Even though butternut squash doesn’t turn brown like bananas or other fruit, you will still notice a color difference. Ripe squashes will have a soft, matte color. A surface color that is spotted, shiny or waxy indicates a butternut squash that isn’t good for picking.

The look of the squash is important to note. An ideal butternut squash is a beige color; the darker the better. Also, check for cuts or blemishes along the skin.

There should not be any signs of green on the butternut squash. I have made this mistake before, and my dinner didn’t turn out the way that I hoped. The squash was far from ready.

What is the Weight?

If you are deciding when to pick a butternut squash, check to see if it is heavy. A ripe squash will feel slightly heavy in comparison to its size. This is because a fresh squash is full of moisture.

It can be hard to tell what a squash should weigh. When you are determining when to pick butternut squash, check for the greenest one. Then, compare the weight of the one you want to pick and the greenest. This is how I check the weight, and it is an easy system.


Butternut squashes will grow to a length of 8 to 12 inches. However, the size will vary because they grow at different rates depending on nutrients and soil conditions. Watch the size of the squash. Once growth stops, it is ready to pick.

Growth generally stops between four and five months after the seeds were planted. This will take place between September and October. Mark the date when you planted the seeds so you know when to check.

Tap It

Maybe you have noticed people tapping on squashes and melons in the grocery store. This is because a ripe squash sounds hollow when you tap on the exterior. If the squash isn’t ripe or is bad, it won’t sound hollow.

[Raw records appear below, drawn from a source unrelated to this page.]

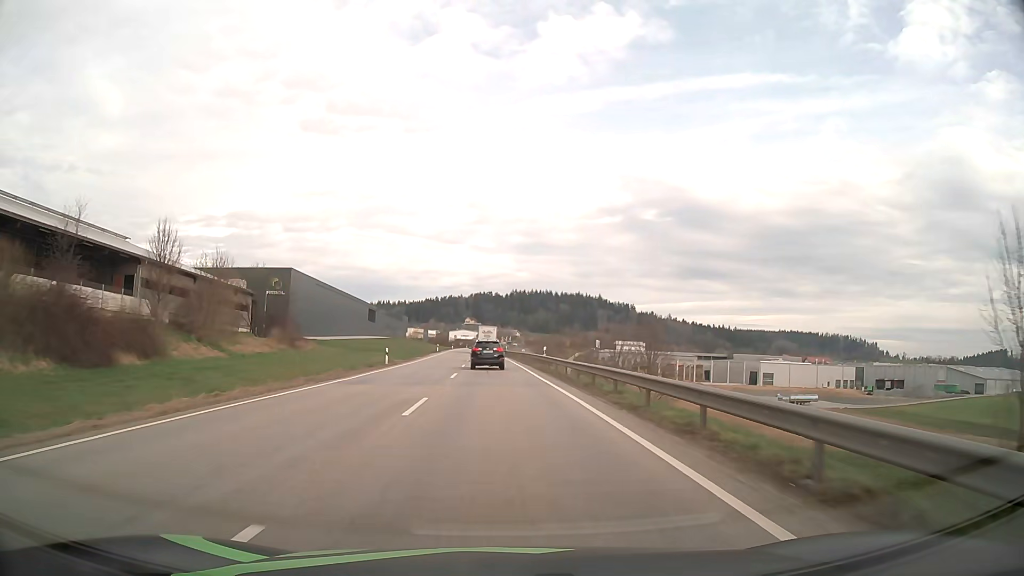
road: primary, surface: asphalt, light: Day
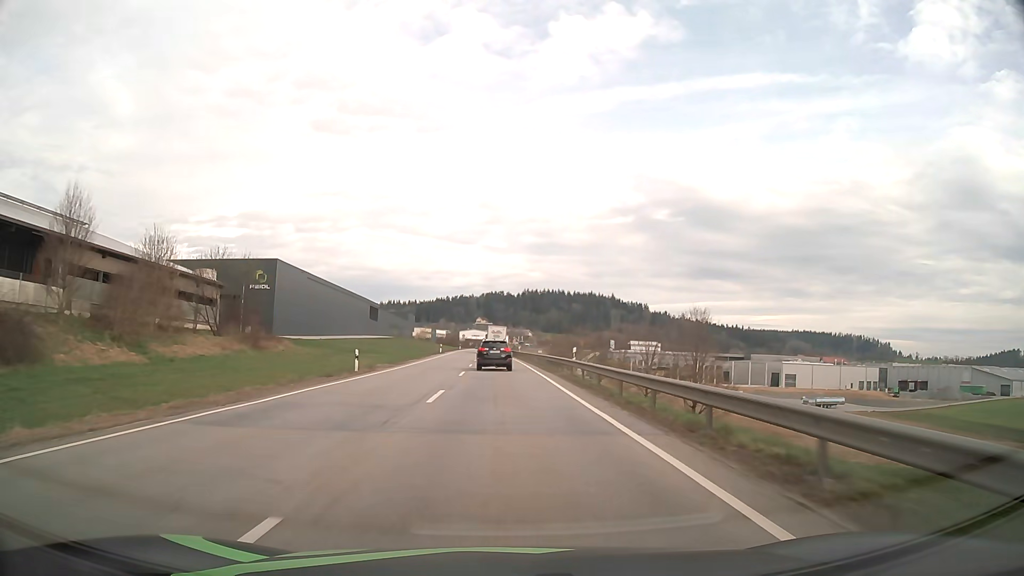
(-0.1, +11.8) m; -1°
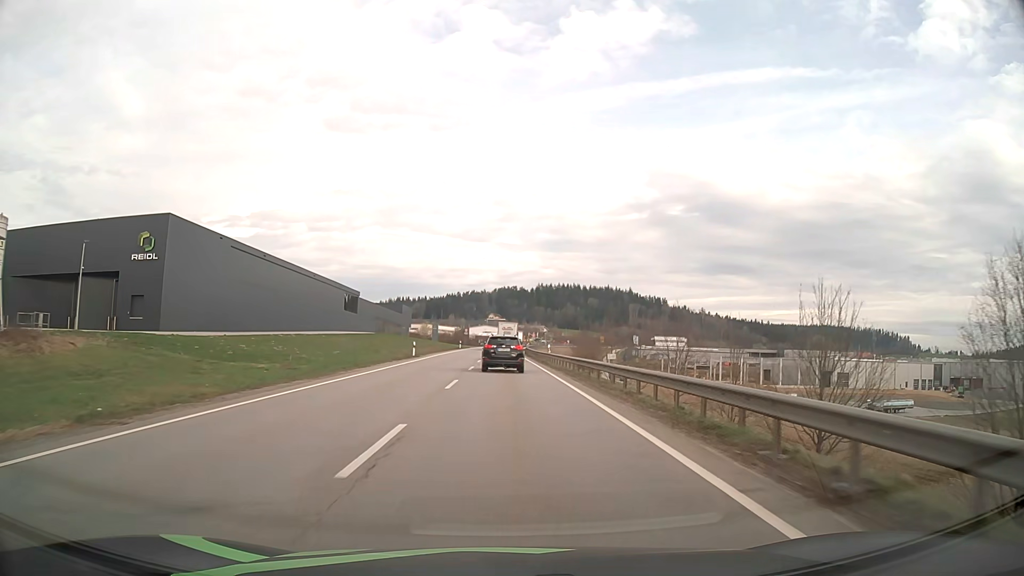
(-0.5, +34.6) m; -1°
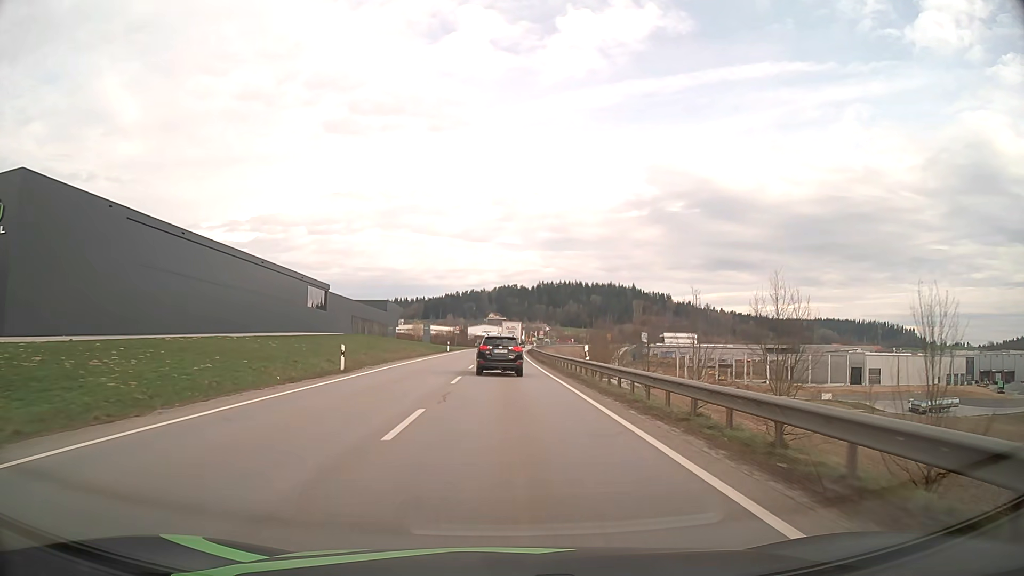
(0.0, +21.6) m; 0°
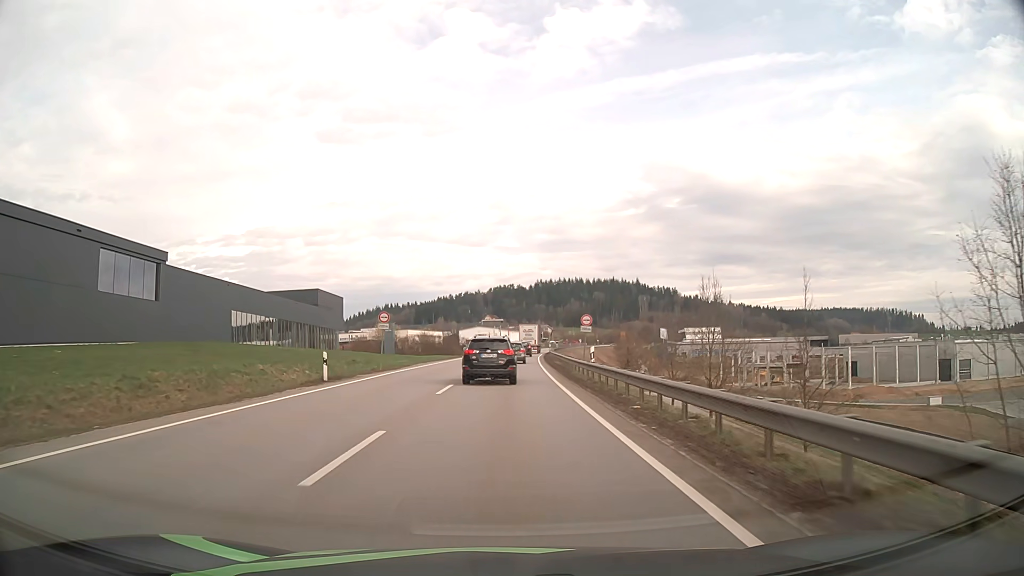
(0.0, +50.9) m; 0°
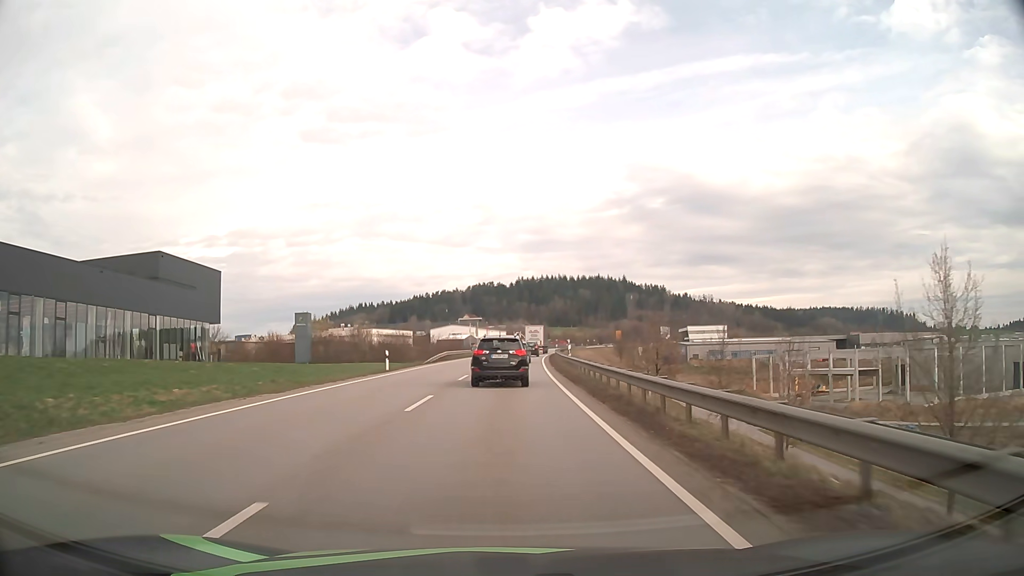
(+0.5, +40.8) m; +2°
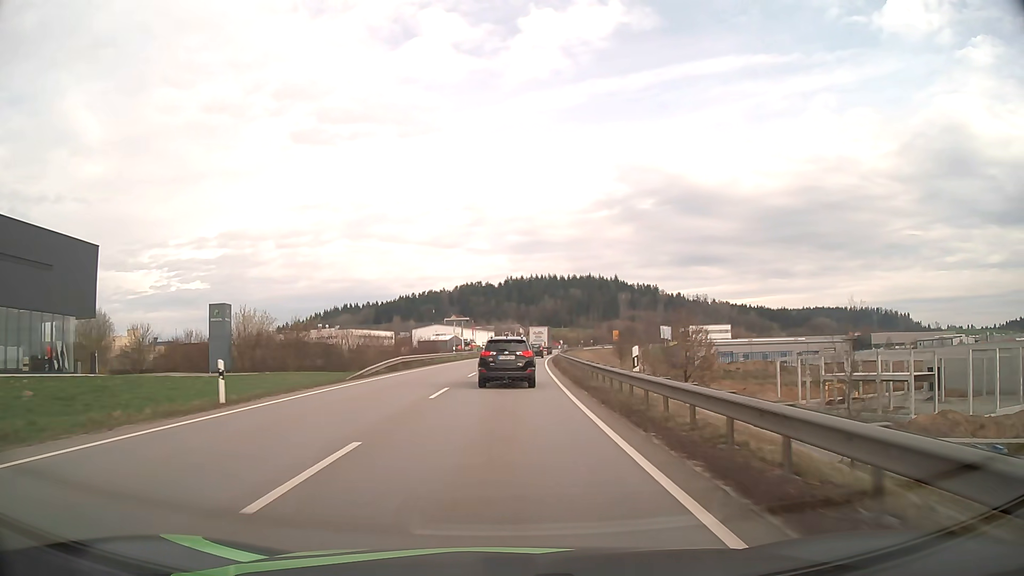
(+0.2, +20.5) m; +1°
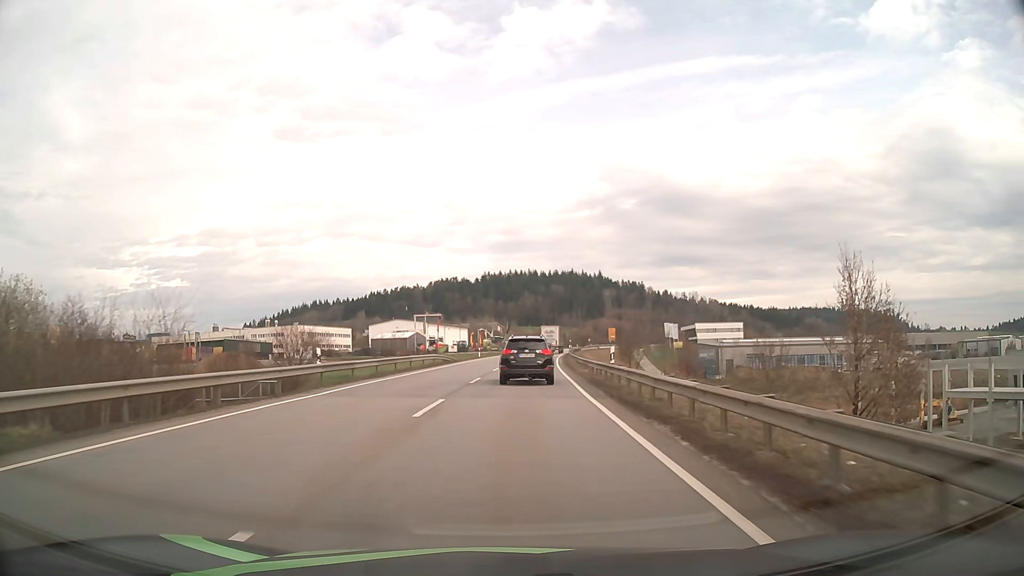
(+0.7, +41.0) m; +2°
(0, +10) (0, +20) (0, +30) (+1, +40) (+2, +50) (+2, +60) (+3, +70) (+4, +80) (+5, +90) (+6, +100) m

I often test my eggs for fresh with a water test. You can use a water test to determine if a squash is bad as well. Once you have used the other methods to determine freshness, place your squash in a large bucket of water. Just like an egg, a rotten squash will float to the surface.

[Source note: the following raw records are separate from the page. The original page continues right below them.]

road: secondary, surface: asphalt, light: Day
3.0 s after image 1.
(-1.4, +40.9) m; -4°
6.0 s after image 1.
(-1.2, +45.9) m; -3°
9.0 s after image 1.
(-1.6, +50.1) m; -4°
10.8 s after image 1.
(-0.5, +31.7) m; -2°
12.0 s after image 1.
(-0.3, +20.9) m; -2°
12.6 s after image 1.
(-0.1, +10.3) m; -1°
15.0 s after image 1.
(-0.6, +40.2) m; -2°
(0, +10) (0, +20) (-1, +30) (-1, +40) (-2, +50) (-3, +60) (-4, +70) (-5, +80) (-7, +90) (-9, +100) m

Taking the time to determine when to pick butternut squash is important for all gardeners. Butternut squash is the perfect fall crop to harvest. In proper storage, it can last for nine months and provide fresh meals throughout the cold winter meals.

  • Look at the color and stem before selection. Neither should be green.
  • Check the weight and length before selection; the ripe butternut squash will be at least 8 inches long and feel heavy for its size.
  • Make sure the shell is firm and will not dent. Give it a good tap as well before harvesting.

If you follow all of these steps, you are sure to select a ripe, delicious butternut squash. Delicious meals will soon be on your horizon.